Uphill transport in competitive drift-diffusion models with volume exclusion

TL;DR

This paper investigates uphill particle transport phenomena in drift-diffusion models with volume exclusion, connecting microscopic exclusion processes to continuum models and exploring conditions for uphill flow in nanoscale and membrane systems.

Contribution

It characterizes uphill transport regimes in exclusion processes and links these to continuum models like Poisson-Nernst-Planck, advancing understanding of transport phenomena across scales.

Findings

Uphill transport persists across microscopic and continuum models.

Conditions for uphill flow are precisely characterized.
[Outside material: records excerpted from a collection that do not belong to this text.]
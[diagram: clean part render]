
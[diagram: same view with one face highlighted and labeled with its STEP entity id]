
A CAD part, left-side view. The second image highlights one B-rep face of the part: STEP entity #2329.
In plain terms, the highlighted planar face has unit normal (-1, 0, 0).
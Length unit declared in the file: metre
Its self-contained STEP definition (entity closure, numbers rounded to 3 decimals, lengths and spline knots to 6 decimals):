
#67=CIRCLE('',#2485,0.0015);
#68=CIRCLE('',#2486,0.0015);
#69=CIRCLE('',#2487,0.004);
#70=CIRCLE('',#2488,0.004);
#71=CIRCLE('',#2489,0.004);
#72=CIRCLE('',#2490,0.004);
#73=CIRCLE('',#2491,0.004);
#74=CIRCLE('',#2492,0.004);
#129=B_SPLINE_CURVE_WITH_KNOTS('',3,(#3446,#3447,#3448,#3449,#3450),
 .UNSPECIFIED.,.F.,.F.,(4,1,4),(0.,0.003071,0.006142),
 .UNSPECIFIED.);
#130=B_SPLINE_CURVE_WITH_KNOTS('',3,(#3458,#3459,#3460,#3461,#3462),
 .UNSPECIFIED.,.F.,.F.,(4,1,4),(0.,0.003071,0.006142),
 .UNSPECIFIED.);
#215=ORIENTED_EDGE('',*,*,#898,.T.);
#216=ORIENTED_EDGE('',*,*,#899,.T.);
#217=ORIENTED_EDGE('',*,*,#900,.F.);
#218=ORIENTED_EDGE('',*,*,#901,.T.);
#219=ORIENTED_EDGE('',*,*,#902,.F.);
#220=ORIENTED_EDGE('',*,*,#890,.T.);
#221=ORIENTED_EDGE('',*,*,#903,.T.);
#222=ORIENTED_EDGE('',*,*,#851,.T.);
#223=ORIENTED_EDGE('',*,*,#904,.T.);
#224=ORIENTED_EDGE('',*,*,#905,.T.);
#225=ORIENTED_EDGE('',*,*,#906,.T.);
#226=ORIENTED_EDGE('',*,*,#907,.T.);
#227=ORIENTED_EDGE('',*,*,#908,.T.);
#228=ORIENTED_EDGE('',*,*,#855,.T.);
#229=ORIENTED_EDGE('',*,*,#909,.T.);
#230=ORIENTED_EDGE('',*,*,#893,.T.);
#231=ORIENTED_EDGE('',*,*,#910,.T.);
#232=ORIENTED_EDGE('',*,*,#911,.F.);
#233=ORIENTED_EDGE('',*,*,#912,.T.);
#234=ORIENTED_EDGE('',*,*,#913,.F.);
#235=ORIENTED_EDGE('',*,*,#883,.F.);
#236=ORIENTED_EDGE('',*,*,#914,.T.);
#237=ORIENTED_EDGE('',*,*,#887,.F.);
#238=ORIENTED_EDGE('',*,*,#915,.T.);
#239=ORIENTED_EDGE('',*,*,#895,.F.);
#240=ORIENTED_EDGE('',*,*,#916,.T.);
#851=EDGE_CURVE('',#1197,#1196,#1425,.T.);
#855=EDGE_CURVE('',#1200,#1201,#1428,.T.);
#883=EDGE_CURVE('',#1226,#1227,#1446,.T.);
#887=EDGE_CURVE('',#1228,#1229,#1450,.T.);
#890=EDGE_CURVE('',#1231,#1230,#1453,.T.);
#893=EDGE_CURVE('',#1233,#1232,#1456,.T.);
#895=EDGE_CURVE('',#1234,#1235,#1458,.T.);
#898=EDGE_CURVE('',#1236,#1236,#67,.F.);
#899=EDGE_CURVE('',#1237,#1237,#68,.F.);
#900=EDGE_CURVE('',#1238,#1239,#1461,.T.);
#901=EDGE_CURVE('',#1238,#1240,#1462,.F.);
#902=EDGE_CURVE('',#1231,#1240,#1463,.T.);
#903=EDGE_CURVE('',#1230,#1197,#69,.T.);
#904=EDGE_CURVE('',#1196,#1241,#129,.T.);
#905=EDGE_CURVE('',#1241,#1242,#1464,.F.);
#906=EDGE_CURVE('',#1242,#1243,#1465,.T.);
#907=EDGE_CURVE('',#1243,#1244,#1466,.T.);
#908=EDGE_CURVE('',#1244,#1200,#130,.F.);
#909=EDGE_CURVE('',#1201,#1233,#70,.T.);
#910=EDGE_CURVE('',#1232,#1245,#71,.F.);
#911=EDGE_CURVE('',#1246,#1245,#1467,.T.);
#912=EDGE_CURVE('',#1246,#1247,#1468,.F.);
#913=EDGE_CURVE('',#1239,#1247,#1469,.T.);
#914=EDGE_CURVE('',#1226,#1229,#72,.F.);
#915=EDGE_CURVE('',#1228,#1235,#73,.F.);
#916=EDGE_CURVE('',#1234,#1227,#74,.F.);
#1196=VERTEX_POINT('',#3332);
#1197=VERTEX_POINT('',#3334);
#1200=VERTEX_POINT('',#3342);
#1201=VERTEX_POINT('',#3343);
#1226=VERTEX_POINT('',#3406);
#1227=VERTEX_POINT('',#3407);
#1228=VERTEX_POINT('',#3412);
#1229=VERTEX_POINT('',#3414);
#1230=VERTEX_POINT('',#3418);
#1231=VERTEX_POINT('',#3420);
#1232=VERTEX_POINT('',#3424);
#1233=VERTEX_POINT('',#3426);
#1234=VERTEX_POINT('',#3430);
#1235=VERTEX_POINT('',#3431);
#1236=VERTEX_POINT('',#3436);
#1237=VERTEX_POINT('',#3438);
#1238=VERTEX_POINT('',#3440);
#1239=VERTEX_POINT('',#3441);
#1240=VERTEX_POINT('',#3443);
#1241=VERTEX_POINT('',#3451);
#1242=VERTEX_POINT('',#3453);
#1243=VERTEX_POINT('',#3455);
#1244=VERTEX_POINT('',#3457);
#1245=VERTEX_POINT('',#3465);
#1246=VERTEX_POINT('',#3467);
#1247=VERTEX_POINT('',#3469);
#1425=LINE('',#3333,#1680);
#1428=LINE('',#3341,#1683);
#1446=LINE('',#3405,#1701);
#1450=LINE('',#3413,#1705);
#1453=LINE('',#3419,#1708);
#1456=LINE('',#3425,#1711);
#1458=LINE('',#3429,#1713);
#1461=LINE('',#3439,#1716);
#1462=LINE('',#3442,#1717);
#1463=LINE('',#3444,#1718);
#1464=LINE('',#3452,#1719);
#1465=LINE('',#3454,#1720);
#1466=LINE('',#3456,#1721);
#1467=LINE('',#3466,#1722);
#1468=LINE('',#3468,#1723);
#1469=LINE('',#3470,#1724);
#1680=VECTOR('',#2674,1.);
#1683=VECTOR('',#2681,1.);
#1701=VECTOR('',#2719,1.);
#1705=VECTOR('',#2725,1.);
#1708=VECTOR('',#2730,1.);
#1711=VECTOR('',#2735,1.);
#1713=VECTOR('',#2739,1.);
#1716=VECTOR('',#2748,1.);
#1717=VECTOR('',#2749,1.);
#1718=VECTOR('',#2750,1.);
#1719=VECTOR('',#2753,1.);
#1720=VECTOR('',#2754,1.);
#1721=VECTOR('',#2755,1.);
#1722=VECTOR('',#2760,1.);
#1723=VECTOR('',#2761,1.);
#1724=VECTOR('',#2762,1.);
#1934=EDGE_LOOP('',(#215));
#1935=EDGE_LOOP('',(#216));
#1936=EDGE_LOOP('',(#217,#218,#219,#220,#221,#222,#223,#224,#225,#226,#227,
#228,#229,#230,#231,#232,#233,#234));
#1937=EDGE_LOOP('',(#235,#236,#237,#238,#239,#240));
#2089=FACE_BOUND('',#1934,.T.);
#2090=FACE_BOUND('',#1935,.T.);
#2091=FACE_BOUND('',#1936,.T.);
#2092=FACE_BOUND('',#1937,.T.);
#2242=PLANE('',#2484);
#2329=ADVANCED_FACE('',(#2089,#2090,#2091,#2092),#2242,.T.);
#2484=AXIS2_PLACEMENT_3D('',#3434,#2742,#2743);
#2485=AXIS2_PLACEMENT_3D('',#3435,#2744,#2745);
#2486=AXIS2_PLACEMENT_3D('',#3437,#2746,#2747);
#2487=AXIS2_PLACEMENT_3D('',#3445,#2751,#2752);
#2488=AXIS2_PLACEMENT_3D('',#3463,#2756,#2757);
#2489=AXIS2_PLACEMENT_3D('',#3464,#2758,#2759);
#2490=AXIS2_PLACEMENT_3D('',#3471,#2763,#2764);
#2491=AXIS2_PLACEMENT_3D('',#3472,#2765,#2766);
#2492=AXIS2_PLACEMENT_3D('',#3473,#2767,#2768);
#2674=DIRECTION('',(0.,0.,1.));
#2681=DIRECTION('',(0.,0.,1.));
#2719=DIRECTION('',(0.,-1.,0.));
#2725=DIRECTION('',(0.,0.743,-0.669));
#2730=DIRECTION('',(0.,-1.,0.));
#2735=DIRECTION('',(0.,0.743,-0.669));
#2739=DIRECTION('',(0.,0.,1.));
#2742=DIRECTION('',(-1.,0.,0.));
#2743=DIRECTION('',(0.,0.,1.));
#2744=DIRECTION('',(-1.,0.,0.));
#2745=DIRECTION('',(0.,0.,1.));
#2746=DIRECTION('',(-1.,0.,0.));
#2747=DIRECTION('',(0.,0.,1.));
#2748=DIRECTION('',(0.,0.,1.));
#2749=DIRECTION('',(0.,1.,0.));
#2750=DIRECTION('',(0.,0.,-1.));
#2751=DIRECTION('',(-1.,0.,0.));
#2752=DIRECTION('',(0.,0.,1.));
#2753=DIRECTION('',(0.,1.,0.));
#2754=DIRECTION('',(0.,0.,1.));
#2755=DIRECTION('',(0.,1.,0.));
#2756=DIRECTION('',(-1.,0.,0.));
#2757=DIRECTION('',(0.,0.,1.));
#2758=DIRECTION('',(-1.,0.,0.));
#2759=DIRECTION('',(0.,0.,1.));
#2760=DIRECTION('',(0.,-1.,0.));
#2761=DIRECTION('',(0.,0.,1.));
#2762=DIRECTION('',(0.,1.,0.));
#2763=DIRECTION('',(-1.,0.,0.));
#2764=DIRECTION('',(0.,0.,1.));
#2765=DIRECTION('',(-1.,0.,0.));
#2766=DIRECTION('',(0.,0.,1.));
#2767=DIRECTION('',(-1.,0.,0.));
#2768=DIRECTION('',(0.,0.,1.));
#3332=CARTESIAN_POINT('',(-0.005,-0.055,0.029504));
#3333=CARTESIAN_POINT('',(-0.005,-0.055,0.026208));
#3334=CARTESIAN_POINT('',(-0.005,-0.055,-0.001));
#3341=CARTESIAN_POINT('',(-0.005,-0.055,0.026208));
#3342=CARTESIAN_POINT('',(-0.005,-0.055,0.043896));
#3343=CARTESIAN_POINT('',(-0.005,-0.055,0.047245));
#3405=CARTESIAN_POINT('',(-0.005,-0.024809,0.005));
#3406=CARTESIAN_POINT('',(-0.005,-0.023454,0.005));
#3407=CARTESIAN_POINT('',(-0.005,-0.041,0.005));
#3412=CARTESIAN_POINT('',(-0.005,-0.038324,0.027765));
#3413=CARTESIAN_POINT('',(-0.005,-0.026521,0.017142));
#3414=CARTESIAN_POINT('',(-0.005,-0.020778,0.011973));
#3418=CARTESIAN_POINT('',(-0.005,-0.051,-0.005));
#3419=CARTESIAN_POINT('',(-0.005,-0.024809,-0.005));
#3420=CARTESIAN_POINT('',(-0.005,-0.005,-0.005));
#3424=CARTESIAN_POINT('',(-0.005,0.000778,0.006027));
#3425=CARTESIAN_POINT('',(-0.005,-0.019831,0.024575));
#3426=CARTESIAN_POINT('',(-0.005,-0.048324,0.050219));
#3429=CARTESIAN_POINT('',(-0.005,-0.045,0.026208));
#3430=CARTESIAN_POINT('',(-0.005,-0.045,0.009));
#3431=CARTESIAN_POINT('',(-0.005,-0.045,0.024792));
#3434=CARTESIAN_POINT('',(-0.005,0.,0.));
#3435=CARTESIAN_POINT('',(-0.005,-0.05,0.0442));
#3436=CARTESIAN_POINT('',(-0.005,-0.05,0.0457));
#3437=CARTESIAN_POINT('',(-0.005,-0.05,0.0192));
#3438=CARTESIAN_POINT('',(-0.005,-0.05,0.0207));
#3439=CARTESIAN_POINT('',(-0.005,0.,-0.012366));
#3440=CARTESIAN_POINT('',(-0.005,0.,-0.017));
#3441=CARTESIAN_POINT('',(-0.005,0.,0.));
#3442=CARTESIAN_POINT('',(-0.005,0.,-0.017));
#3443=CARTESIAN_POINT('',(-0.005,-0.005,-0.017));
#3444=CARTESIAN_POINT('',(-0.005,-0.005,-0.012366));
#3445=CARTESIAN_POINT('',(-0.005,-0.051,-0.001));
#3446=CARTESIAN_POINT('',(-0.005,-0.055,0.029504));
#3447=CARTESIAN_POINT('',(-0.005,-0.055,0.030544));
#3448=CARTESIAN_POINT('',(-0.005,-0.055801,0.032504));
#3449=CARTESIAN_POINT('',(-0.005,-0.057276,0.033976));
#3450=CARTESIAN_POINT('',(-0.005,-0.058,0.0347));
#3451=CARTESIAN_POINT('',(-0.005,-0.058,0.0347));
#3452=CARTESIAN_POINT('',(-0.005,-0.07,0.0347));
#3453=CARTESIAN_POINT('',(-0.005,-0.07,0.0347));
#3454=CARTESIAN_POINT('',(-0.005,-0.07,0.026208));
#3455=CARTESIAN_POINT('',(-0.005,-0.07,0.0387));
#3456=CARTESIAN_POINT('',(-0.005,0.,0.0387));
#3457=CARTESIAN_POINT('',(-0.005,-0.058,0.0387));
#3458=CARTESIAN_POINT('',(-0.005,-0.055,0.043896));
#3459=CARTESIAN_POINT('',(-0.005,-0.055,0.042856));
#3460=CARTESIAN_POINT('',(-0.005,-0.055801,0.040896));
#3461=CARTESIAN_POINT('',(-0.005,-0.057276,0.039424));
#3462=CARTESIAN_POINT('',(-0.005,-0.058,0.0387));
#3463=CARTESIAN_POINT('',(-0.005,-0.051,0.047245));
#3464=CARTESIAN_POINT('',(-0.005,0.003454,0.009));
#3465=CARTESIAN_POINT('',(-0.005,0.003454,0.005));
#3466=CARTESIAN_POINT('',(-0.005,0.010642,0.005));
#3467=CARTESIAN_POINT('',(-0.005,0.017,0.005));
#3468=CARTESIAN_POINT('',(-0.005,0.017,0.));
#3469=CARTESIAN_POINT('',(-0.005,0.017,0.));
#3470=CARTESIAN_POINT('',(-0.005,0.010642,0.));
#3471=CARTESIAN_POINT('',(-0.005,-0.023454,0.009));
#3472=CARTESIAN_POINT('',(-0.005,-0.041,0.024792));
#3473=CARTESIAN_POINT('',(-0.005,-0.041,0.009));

Implications for nanoscale electrolytes and membrane technologies.

Abstract

This paper addresses uphill transport (defined as a regime in which particle flow is opposite to the prescriptions of Fick's diffusion) in drift-diffusion particle transport constrained by volume exclusion. Firstly, we show that the stationary hydrodynamic limit of a multispecies, weakly asymmetric exclusion process (SHDL) naturally predicts precisely characterized uphill regimes in the space of external drivings. Then, with specific reference to systems of oppositely charged particles, we identify well-defined model hypotheses and extensions whereby the SHDL converges to the modified Poisson-Nernst-Planck model, thus bridging the gap between exclusion-based particle models and continuum descriptions commonly used in engineering. The merits and limitations of the models in describing the particle fluxes and predicting uphill transport conditions are investigated in detail with respect to the adopted approximations and simplifications. The results demonstrate the persistence of uphill transport phenomena across modeling scales, clarify the conditions under which they occur, and suggest that uphill transport may play a significant role in nanoscale electrolytes, confined ionic and iontronic devices, and membrane-based technologies.